(Stored dataset items)
────────────────────────────────────────

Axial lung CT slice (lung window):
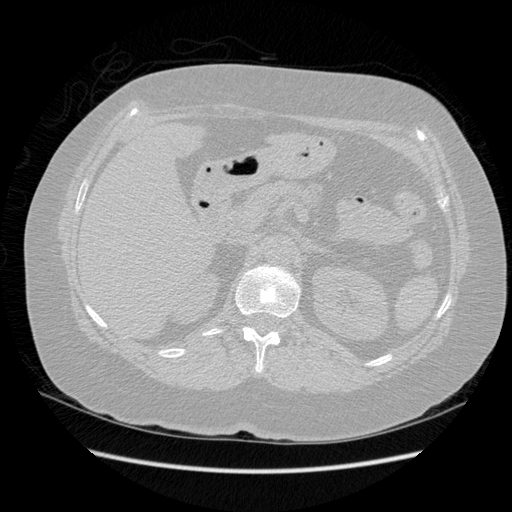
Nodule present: no
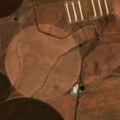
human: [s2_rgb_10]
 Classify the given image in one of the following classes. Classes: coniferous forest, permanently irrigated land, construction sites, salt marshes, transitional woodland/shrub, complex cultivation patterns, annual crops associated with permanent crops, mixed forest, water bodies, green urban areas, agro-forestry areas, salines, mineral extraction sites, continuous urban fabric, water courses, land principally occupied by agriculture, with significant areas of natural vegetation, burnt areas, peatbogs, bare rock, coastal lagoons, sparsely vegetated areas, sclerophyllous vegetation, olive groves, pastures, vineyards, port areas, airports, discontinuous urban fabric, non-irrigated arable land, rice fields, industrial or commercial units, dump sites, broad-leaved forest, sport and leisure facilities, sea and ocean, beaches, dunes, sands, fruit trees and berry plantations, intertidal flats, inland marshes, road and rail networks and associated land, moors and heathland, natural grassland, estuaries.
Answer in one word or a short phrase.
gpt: non-irrigated arable land, permanently irrigated land
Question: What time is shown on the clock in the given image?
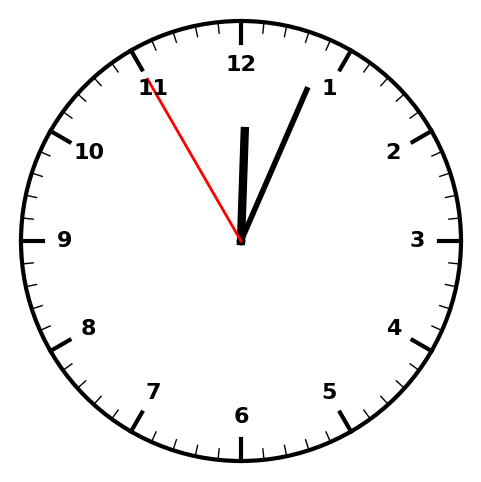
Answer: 12:03:55
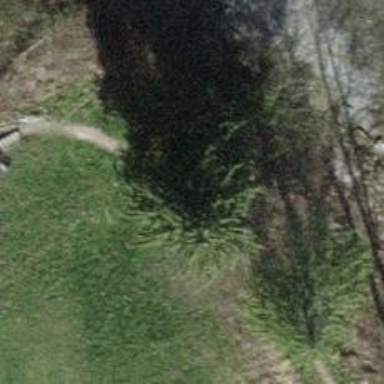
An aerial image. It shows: Ground path.
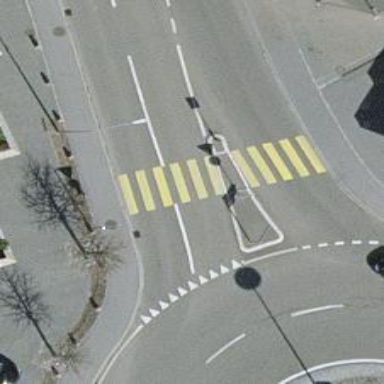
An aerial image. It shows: Uncontrolled zebra crossing on the road.
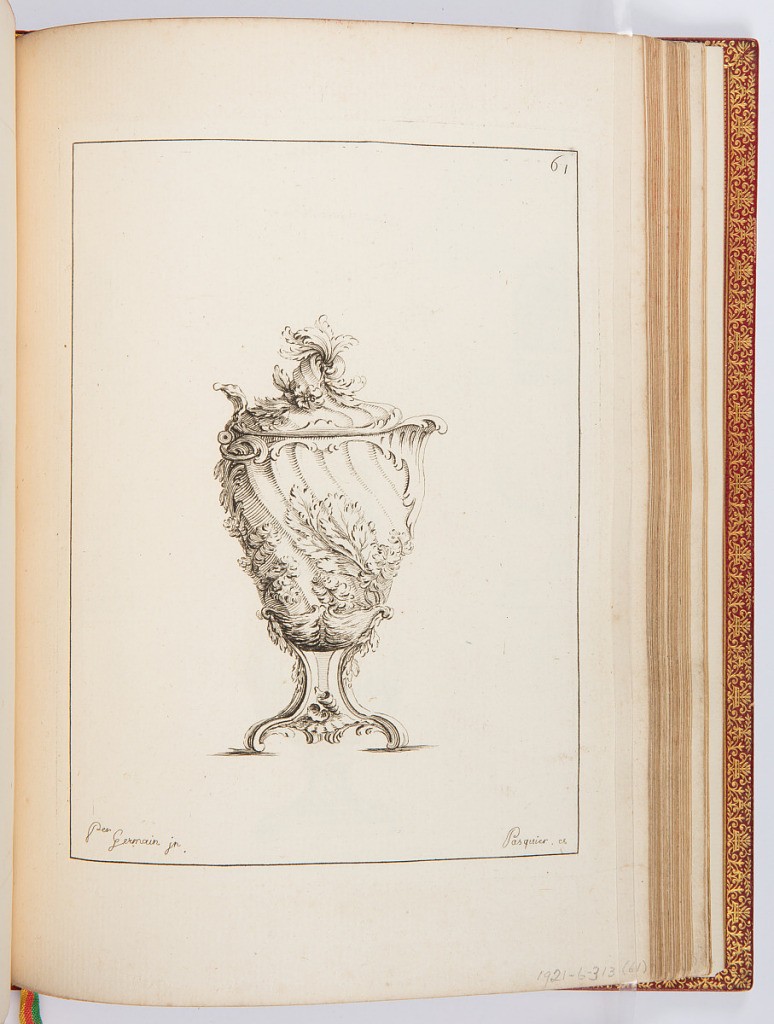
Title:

────────────────────────────────────────

Exercise objective: Filter the data above down to lines with the word "arable", and copy them.

Result:
 Classify the given image in one of the following classes. Classes: coniferous forest, permanently irrigated land, construction sites, salt marshes, transitional woodland/shrub, complex cultivation patterns, annual crops associated with permanent crops, mixed forest, water bodies, green urban areas, agro-forestry areas, salines, mineral extraction sites, continuous urban fabric, water courses, land principally occupied by agriculture, with significant areas of natural vegetation, burnt areas, peatbogs, bare rock, coastal lagoons, sparsely vegetated areas, sclerophyllous vegetation, olive groves, pastures, vineyards, port areas, airports, discontinuous urban fabric, non-irrigated arable land, rice fields, industrial or commercial units, dump sites, broad-leaved forest, sport and leisure facilities, sea and ocean, beaches, dunes, sands, fruit trees and berry plantations, intertidal flats, inland marshes, road and rail networks and associated land, moors and heathland, natural grassland, estuaries.
gpt: non-irrigated arable land, permanently irrigated land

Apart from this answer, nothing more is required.